**What to work on**
Your answer must consist of the records exactly as given, with no pictures included.

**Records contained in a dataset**

Segment Open

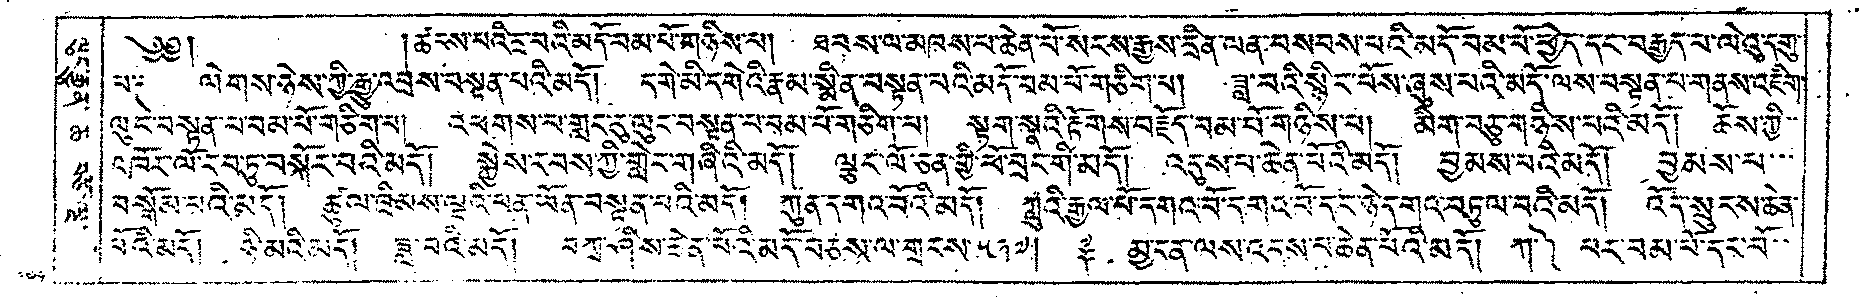༄༅། །ཚངས་པའི་དྲ་བའི་མདོ་བམ་པོ་གཉིས་པ། ཐབས་ལ་མཁས་པ་ཆེན་པོ་སངས་རྒྱས་དྲིན་ལན་བསབས་པའི་མདོ་བམ་པོ་ཕྱེད་དང་བརྒྱད་པ་ལེའུ་དགུ་
པ། ལེགས་ཉེས་ཀྱི་རྒྱུ་འབྲས་བསྟན་པའི་མདོ། དགེ་མི་དགེའི་རྣམ་སྨིན་བསྟན་པའི་མདོ་བམ་པོ་གཅིག་པ། ཟླ་བའི་སྙིང་པོས་ཞུས་པའི་མདོ་ལས་བསྟན་པ་གནས་འཇིག་
ལུང་བསྟན་པ་བམ་པོ་གཅིག་པ། འཕགས་པ་གླང་རུ་ལུང་བསྟན་པ་བམ་པོ་གཅིག་པ། སྟག་སྣའི་རྟོགས་བརྗོད་བམ་པོ་གཉིས་པ། མིག་བཅུ་གཉིས་པའི་མདོ། ཆོས་ཀྱི་
འཁོར་ལོ་རབ་ཏུ་བསྐོར་བའི་མདོ། སྐྱེས་རབས་ཀྱི་གླེང་གཞིའི་མདོ། ལྕང་ལོ་ཅན་གྱི་ཕོ་བྲང་གི་མདོ། འདུས་པ་ཆེན་པོའི་མདོ། བྱམས་པའི་མདོ། བྱམས་པ་
བསྒོམ་པའི་མདོ། ཚུལ་ཁྲིམས་ལྔའི་ཕན་ཡོན་བསྟན་པའི་མདོ། ཀུན་དགའ་བོའི་མདོ། ཀླུའི་རྒྱལ་པོ་དགའ་བོ་དགའ་བོ་དང་ཉེ་དགའ་བཏུལ་བའི་མདོ། འོད་སྲུངས་ཆེན་
པོའི་མདོ། ཉི་མའི་མདོ། ཟླ་བའི་མདོ། བཀྲ་ཤིས་ཆེན་པོའི་མདོ་བཅས་ལ་གྲངས ༥༢༧། ༈ མྱ་ངན་ལས་འདས་པ་ཆེན་པོའི་མདོ། ཀ}་པར་བམ་པོ་དང་པོ་
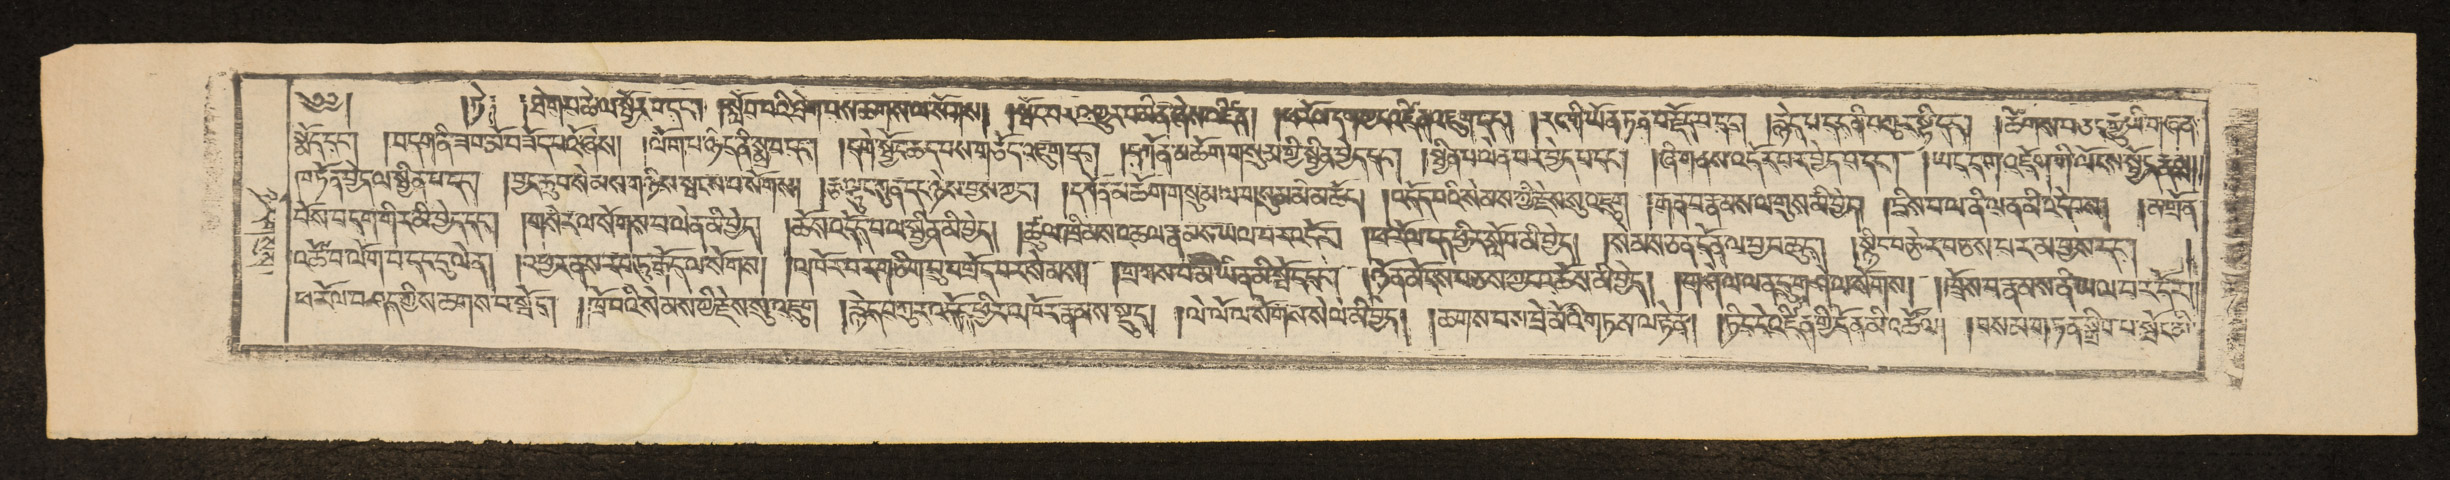༄༅། །ཏེ༑ ༑ཐེག་པ་ཆེ་ལ་སྦྱོར་བ་དང་། །སློབ་པའི་ཐེག་པས་ཆགས་ལ་སོགས། །སྤོང་བར་འགྱུར་བ་མིན་ཞེས་འཛིན། །ཕ་རོལ་དག་ཀྱང་འཛིན་འཇུག་དང་། །རང་གི་ཡོན་ཏན་བརྗོད་པ་དང་། །རྙེད་པ་དང་ནི་བཀུར་སྟི་དང་། །ཚིགས་བཅད་རྒྱུ་ཡི་གཞན་
སྨོད་དང་། །བདག་ནི་ཟབ་མོ་བཟོད་པའོ་ཞེས། །ལོག་པ་ཉིད་ནི་སྨྲ་བ་དང་། །དགེ་སྦྱོང་ཆད་པས་གཅོད་འཇུག་དང་། །དཀོན་མཆོག་གསུམ་གྱི་སྦྱིན་བྱེད་དང་། །སྦྱིན་པ་ལེན་པར་བྱེད་པ་དང་། །ཞི་གནས་འདོར་བར་བྱེད་པ་དང་། །ཡང་དག་འཇོག་གི་ལོངས་སྤྱོད་རྣམས། །
ཁ་ཏོན་བྱེད་ལ་སྦྱིན་པ་དང་། །བྱང་ཆུབ་སེམས་གཉིས་སྤངས་བ་སོགས། །རྩ་ལྟུང་ཀུན་དང་ཉེས་བྱས་ཀྱང་། །དཀོན་མཆོག་གསུམ་ལ་གསུམ་མི་མཆོད། །འདོད་པའི་སེམས་ཀྱི་རྗེས་སུ་འཇུག །རྒན་པ་རྣམས་ལ་གུས་མི་བྱེད། །དྲིས་པ་ལ་ནི་ལན་མི་འདེབས། །མགྲོན་
པོས་བདག་གིར་མི་བྱེད་དང་། །གསེར་ལ་སོགས་པ་ལེན་མི་བྱེད། །ཆོས་འདོད་བ་ལ་སྦྱིན་མི་བྱེད། །ཚུལ་ཁྲིམས་འཆལ་རྣམས་ཡལ་བར་འདོར། །ཕ་རོལ་དད་ཕྱིར་སློབ་མི་བྱེད། །སེམས་ཅན་དོན་ལ་བྱ་བ་ཆུད། །སྙིང་བརྩེར་བཅས་པར་མ་བྱས་དང་། །
འཚོ་བ་ལོག་པ་དང་དུ་ལེན། །འཕྱར་ནས་རབ་ཏུ་རྒོད་ལ་སོགས། །འཁོར་བར་གཅིག་པུ་བཟོད་པར་སེམས། །གྲགས་པ་མ་ཡིན་མི་སྤོང་དང་། །ཉོན་མོངས་བཅས་ཀྱང་འཆོས་མི་བྱེད། །གཤེ་ལ་ལན་དུ་གཤེ་ལ་སོགས། །ཁྲོས་པ་རྣམས་ནི་ཡལ་བར་དོར།།
ཕ་རོལ་བཤད་ཀྱིས་ཆགས་པ་སྤོང་། །ཁྲོ་བའི་སེམས་ཀྱི་རྗེས་སུ་འཇུག །རྙེད་བཀུར་འདོད་ཕྱིར་འཁོར་རྣམས་སྡུད། །ལེ་ལོ་ལ་སོགས་སེལ་མི་བྱེད། །ཆགས་པས་པྲེ་མོའི་གཏམ་ལ་རྟེན། །ཏིང་ངེ་འཛིན་གྱི་དོན་མི་འཚོལ། །བསམ་གཏན་སྒྲིབ་པ་སྤོང་མི་

Segment Closed

**Expected answer**
༄༅། །ཚངས་པའི་དྲ་བའི་མདོ་བམ་པོ་གཉིས་པ། ཐབས་ལ་མཁས་པ་ཆེན་པོ་སངས་རྒྱས་དྲིན་ལན་བསབས་པའི་མདོ་བམ་པོ་ཕྱེད་དང་བརྒྱད་པ་ལེའུ་དགུ་
པ། ལེགས་ཉེས་ཀྱི་རྒྱུ་འབྲས་བསྟན་པའི་མདོ། དགེ་མི་དགེའི་རྣམ་སྨིན་བསྟན་པའི་མདོ་བམ་པོ་གཅིག་པ། ཟླ་བའི་སྙིང་པོས་ཞུས་པའི་མདོ་ལས་བསྟན་པ་གནས་འཇིག་
ལུང་བསྟན་པ་བམ་པོ་གཅིག་པ། འཕགས་པ་གླང་རུ་ལུང་བསྟན་པ་བམ་པོ་གཅིག་པ། སྟག་སྣའི་རྟོགས་བརྗོད་བམ་པོ་གཉིས་པ། མིག་བཅུ་གཉིས་པའི་མདོ། ཆོས་ཀྱི་
འཁོར་ལོ་རབ་ཏུ་བསྐོར་བའི་མདོ། སྐྱེས་རབས་ཀྱི་གླེང་གཞིའི་མདོ། ལྕང་ལོ་ཅན་གྱི་ཕོ་བྲང་གི་མདོ། འདུས་པ་ཆེན་པོའི་མདོ། བྱམས་པའི་མདོ། བྱམས་པ་
བསྒོམ་པའི་མདོ། ཚུལ་ཁྲིམས་ལྔའི་ཕན་ཡོན་བསྟན་པའི་མདོ། ཀུན་དགའ་བོའི་མདོ། ཀླུའི་རྒྱལ་པོ་དགའ་བོ་དགའ་བོ་དང་ཉེ་དགའ་བཏུལ་བའི་མདོ། འོད་སྲུངས་ཆེན་
པོའི་མདོ། ཉི་མའི་མདོ། ཟླ་བའི་མདོ། བཀྲ་ཤིས་ཆེན་པོའི་མདོ་བཅས་ལ་གྲངས ༥༢༧། ༈ མྱ་ངན་ལས་འདས་པ་ཆེན་པོའི་མདོ། ཀ}་པར་བམ་པོ་དང་པོ་
༄༅། །ཏེ༑ ༑ཐེག་པ་ཆེ་ལ་སྦྱོར་བ་དང་། །སློབ་པའི་ཐེག་པས་ཆགས་ལ་སོགས། །སྤོང་བར་འགྱུར་བ་མིན་ཞེས་འཛིན། །ཕ་རོལ་དག་ཀྱང་འཛིན་འཇུག་དང་། །རང་གི་ཡོན་ཏན་བརྗོད་པ་དང་། །རྙེད་པ་དང་ནི་བཀུར་སྟི་དང་། །ཚིགས་བཅད་རྒྱུ་ཡི་གཞན་
སྨོད་དང་། །བདག་ནི་ཟབ་མོ་བཟོད་པའོ་ཞེས། །ལོག་པ་ཉིད་ནི་སྨྲ་བ་དང་། །དགེ་སྦྱོང་ཆད་པས་གཅོད་འཇུག་དང་། །དཀོན་མཆོག་གསུམ་གྱི་སྦྱིན་བྱེད་དང་། །སྦྱིན་པ་ལེན་པར་བྱེད་པ་དང་། །ཞི་གནས་འདོར་བར་བྱེད་པ་དང་། །ཡང་དག་འཇོག་གི་ལོངས་སྤྱོད་རྣམས། །
ཁ་ཏོན་བྱེད་ལ་སྦྱིན་པ་དང་། །བྱང་ཆུབ་སེམས་གཉིས་སྤངས་བ་སོགས། །རྩ་ལྟུང་ཀུན་དང་ཉེས་བྱས་ཀྱང་། །དཀོན་མཆོག་གསུམ་ལ་གསུམ་མི་མཆོད། །འདོད་པའི་སེམས་ཀྱི་རྗེས་སུ་འཇུག །རྒན་པ་རྣམས་ལ་གུས་མི་བྱེད། །དྲིས་པ་ལ་ནི་ལན་མི་འདེབས། །མགྲོན་
པོས་བདག་གིར་མི་བྱེད་དང་། །གསེར་ལ་སོགས་པ་ལེན་མི་བྱེད། །ཆོས་འདོད་བ་ལ་སྦྱིན་མི་བྱེད། །ཚུལ་ཁྲིམས་འཆལ་རྣམས་ཡལ་བར་འདོར། །ཕ་རོལ་དད་ཕྱིར་སློབ་མི་བྱེད། །སེམས་ཅན་དོན་ལ་བྱ་བ་ཆུད། །སྙིང་བརྩེར་བཅས་པར་མ་བྱས་དང་། །
འཚོ་བ་ལོག་པ་དང་དུ་ལེན། །འཕྱར་ནས་རབ་ཏུ་རྒོད་ལ་སོགས། །འཁོར་བར་གཅིག་པུ་བཟོད་པར་སེམས། །གྲགས་པ་མ་ཡིན་མི་སྤོང་དང་། །ཉོན་མོངས་བཅས་ཀྱང་འཆོས་མི་བྱེད། །གཤེ་ལ་ལན་དུ་གཤེ་ལ་སོགས། །ཁྲོས་པ་རྣམས་ནི་ཡལ་བར་དོར།།
ཕ་རོལ་བཤད་ཀྱིས་ཆགས་པ་སྤོང་། །ཁྲོ་བའི་སེམས་ཀྱི་རྗེས་སུ་འཇུག །རྙེད་བཀུར་འདོད་ཕྱིར་འཁོར་རྣམས་སྡུད། །ལེ་ལོ་ལ་སོགས་སེལ་མི་བྱེད། །ཆགས་པས་པྲེ་མོའི་གཏམ་ལ་རྟེན། །ཏིང་ངེ་འཛིན་གྱི་དོན་མི་འཚོལ། །བསམ་གཏན་སྒྲིབ་པ་སྤོང་མི་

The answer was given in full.